When you purchase an Oracle application, an instance of the application is created in your identity domain and appears in the Oracle Cloud Services page automatically.

For a custom application, you must configure Oracle Identity Cloud Service so that it can communicate with the application. You use an application wizard to create a custom application. By doing so, in your identity domain, you add the information that Oracle Identity Cloud Service uses to communicate with the application. See Add Applications. Custom applications are shown in the Applications page.

You can use Oracle Identity Cloud Service to grant users access to applications in two ways:

  • Directly: Assigning users to the applications

  • Indirectly: Assigning groups to the applications. Any users who are members of the groups are granted access to the applications.

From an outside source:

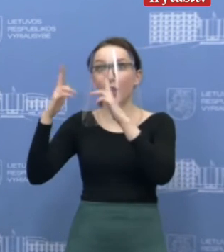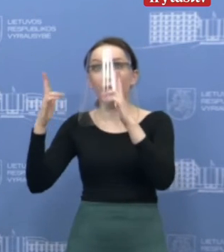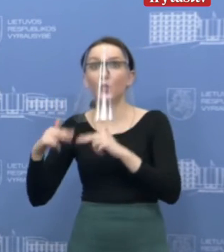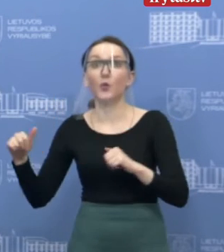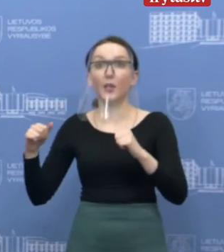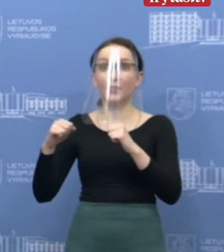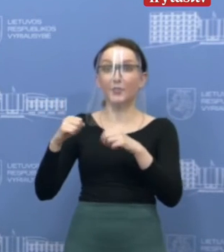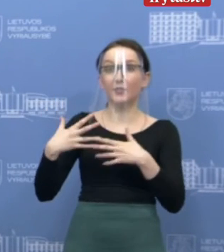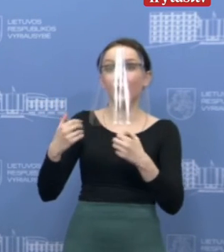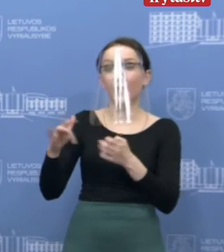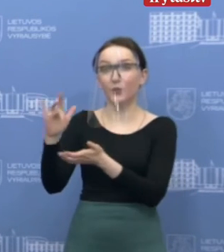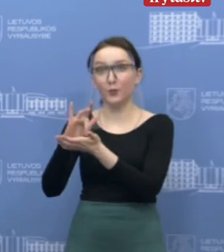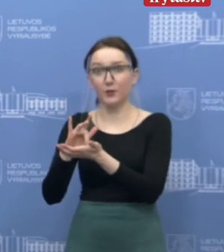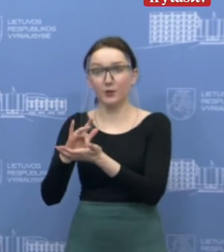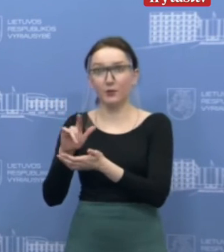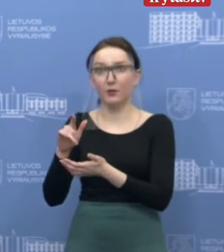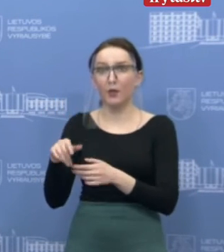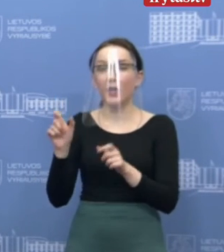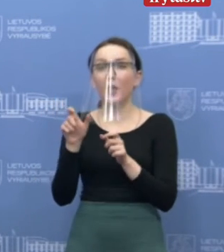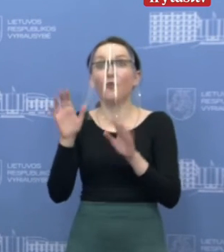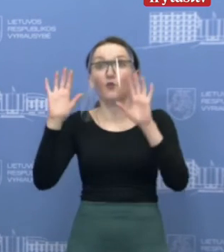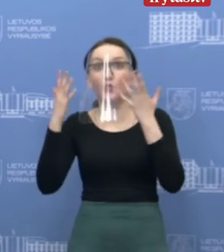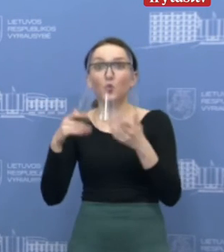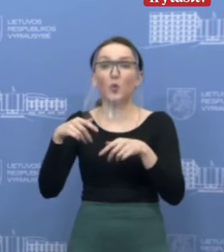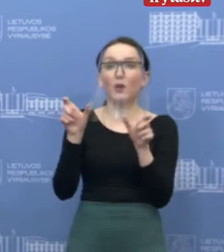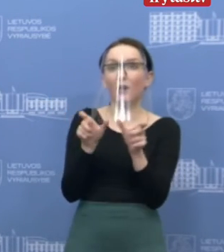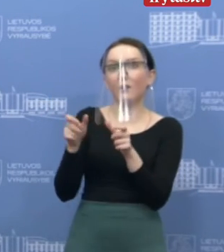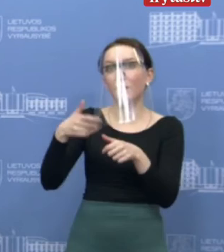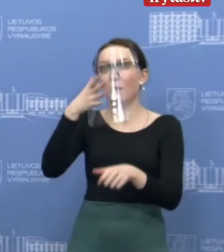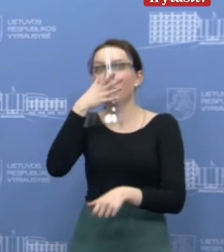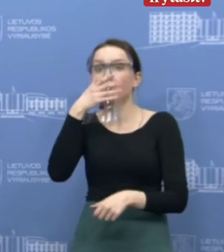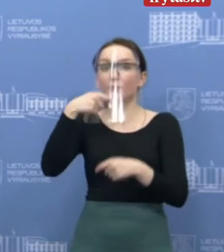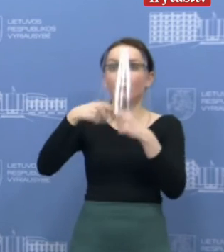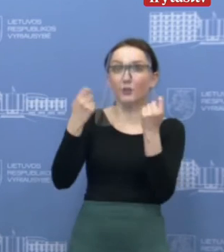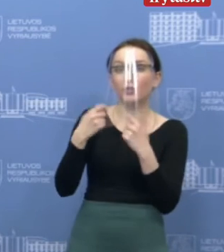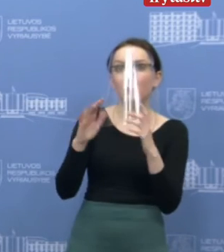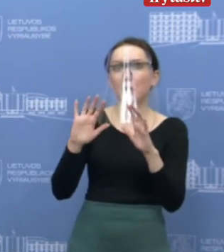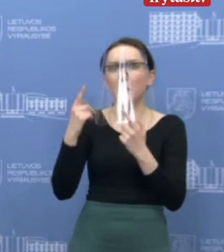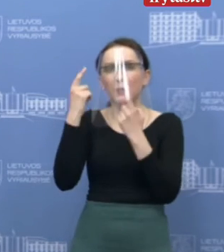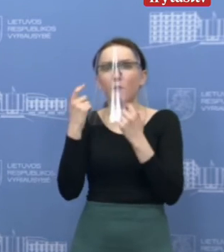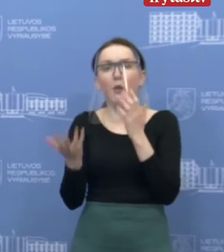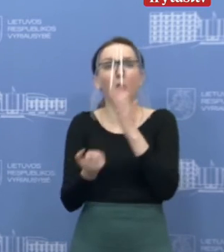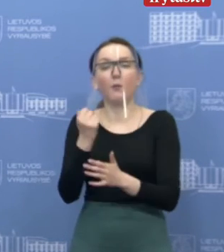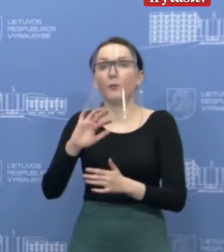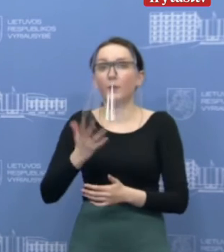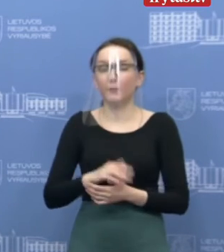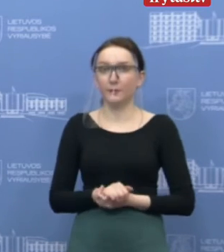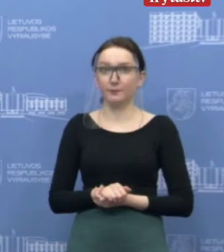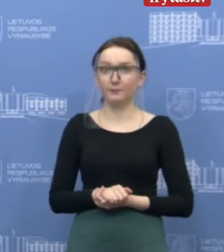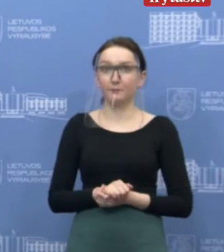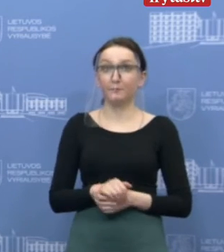veikatos centrą, bet tarkim, karantino pažeidimus fiksuoja ir savo valdybę. Tai kaip jie tos duomenys gaus? Ačiū.

In addition to granting users and groups access to Oracle applications, you can grant users and groups access to entitlements within applications. For example, you use Oracle Identity Cloud Service to grant John Doe and Jane Doe access to Oracle Java Cloud Service. You want John Doe to have administrator privileges for Oracle Java Cloud Service, but Jane Doe to have only user privileges.

Each entitlement in an Oracle application is represented by an application role. So by assigning John Doe to the application administrator role of Oracle Java Cloud Service, he can access this Oracle Cloud service and he can function as an administrator within it.